光伏(PV)系统允许我们利用丰富的太阳能能量,然而它们需要定期维护以实现高效和防止降解。传统的手动健康检查使用发光二极管(EL)成像,代价昂贵且具有挑战性,因此自动缺陷检测变得至关重要。目前的自动化方法需要大量手动专家标注,这需要花费时间、金钱,并且容易出错。我们提出了PV-S3(光伏-半监督分割),一种用于EL图像中缺陷语义分割的半监督学习方法,减少了对于广泛标注的依赖。 PV-S3是一个通过几张带标签图像和大量未标记图像进行训练的深度学习模型。我们引入了一种新颖的半交叉熵损失函数来训练PV-S3,解决了自动PV缺陷检测中特定的挑战,例如多样缺陷类型和类别不平衡。我们在多个数据集上评估PV-S3,并证明了其有效性和可适应性。 只需20%的带标签样本,我们实现了IoU绝对值 improve 9.7%,Precision绝对值 improve 29.9%,Recall绝对值 improve 12.75%,F1-Score绝对值 improve 20.42%,在UCF-EL数据集(可用于EL图像 semantic分割的最大数据集)上的性能改善,同时将 annotations costs 降低80%。
https://arxiv.org/abs/2404.13693
Perceptual quality assessment of user generated content (UGC) videos is challenging due to the requirement of large scale human annotated videos for training. In this work, we address this challenge by first designing a self-supervised Spatio-Temporal Visual Quality Representation Learning (ST-VQRL) framework to generate robust quality aware features for videos. Then, we propose a dual-model based Semi Supervised Learning (SSL) method specifically designed for the Video Quality Assessment (SSL-VQA) task, through a novel knowledge transfer of quality predictions between the two models. Our SSL-VQA method uses the ST-VQRL backbone to produce robust performances across various VQA datasets including cross-database settings, despite being learned with limited human annotated videos. Our model improves the state-of-the-art performance when trained only with limited data by around 10%, and by around 15% when unlabelled data is also used in SSL. Source codes and checkpoints are available at this https URL.

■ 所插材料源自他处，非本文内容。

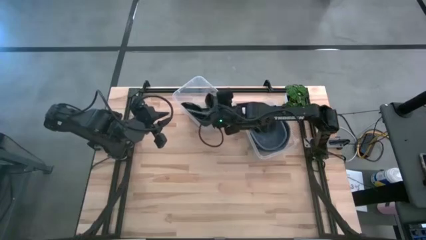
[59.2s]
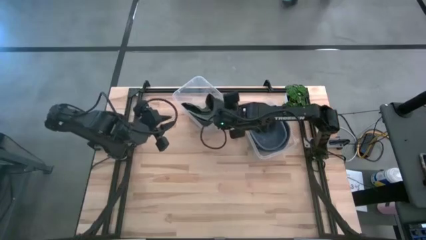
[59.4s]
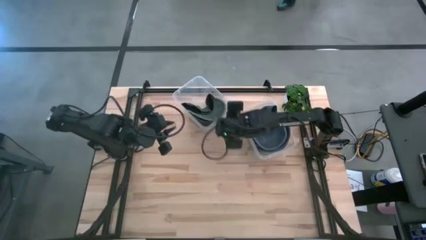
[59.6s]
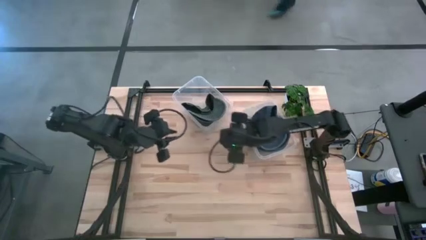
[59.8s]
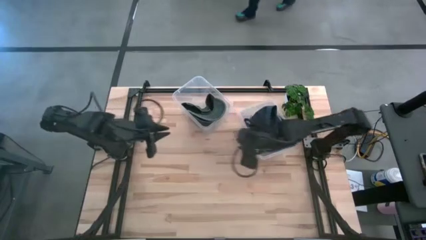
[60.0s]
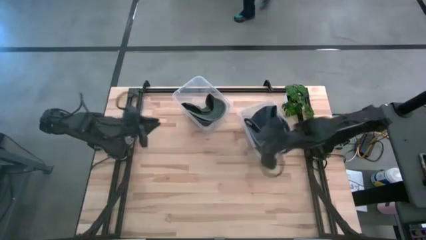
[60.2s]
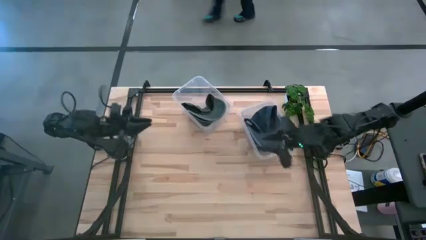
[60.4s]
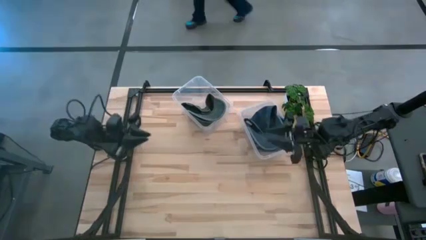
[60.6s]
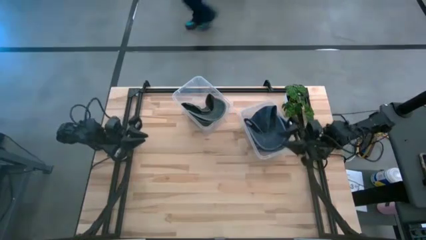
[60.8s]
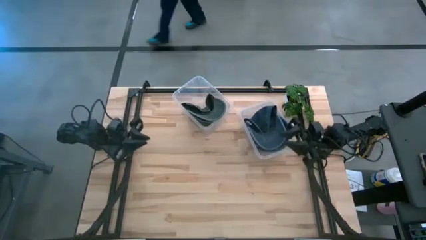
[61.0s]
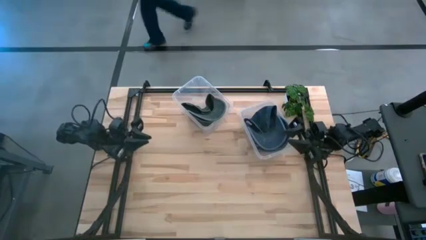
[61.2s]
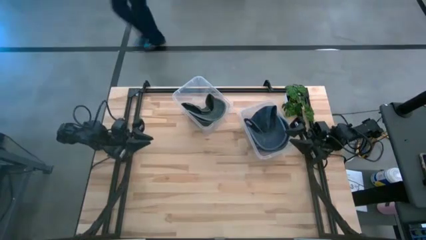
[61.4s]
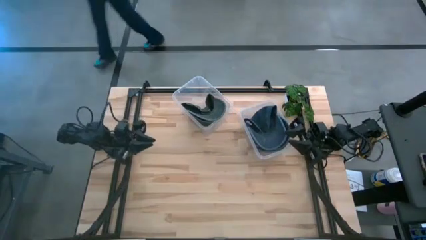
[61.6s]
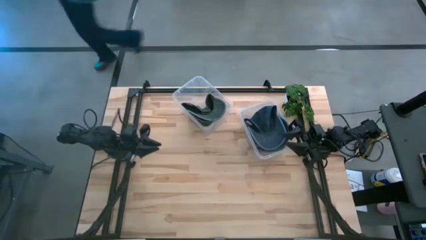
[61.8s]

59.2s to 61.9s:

用户生成内容(UGC)视频的感知质量评估具有挑战性,因为需要大量标注大规模人类视频进行训练。在这项工作中,我们通过首先设计了一个自监督的时空视觉质量表示学习(ST-VQRL)框架来生成具有稳健质量感的视频特征。然后,我们提出了一种基于双模型的半监督学习(SSL)方法,特别针对视频质量评估(SSL-VQA)任务进行设计,通过两个模型之间质量预测的新知识传递。我们的SSL-VQA方法使用ST-VQRL骨架在各种VQA数据集(包括跨数据库设置)上产生稳健的性能。通过仅使用有限的人类标注视频进行训练,我们的模型在仅有限数据时将最先进的性能提高了约10%,而在使用未标记数据时提高了约15%。源代码和检查点可通过此链接访问:https://www.osac.org/papers/transactions-on-multimedia-computing-and-communication-tmmc-2022-v2/
https://arxiv.org/abs/2312.15425
Image quality assessment (IQA) plays a critical role in optimizing radiation dose and developing novel medical imaging techniques in computed tomography (CT). Traditional IQA methods relying on hand-crafted features have limitations in summarizing the subjective perceptual experience of image quality. Recent deep learning-based approaches have demonstrated strong modeling capabilities and potential for medical IQA, but challenges remain regarding model generalization and perceptual accuracy. In this work, we propose a multi-scale distributions regression approach to predict quality scores by constraining the output distribution, thereby improving model generalization. Furthermore, we design a dual-branch alignment network to enhance feature extraction capabilities. Additionally, semi-supervised learning is introduced by utilizing pseudo-labels for unlabeled data to guide model training. Extensive qualitative experiments demonstrate the effectiveness of our proposed method for advancing the state-of-the-art in deep learning-based medical IQA. Code is available at: this https URL.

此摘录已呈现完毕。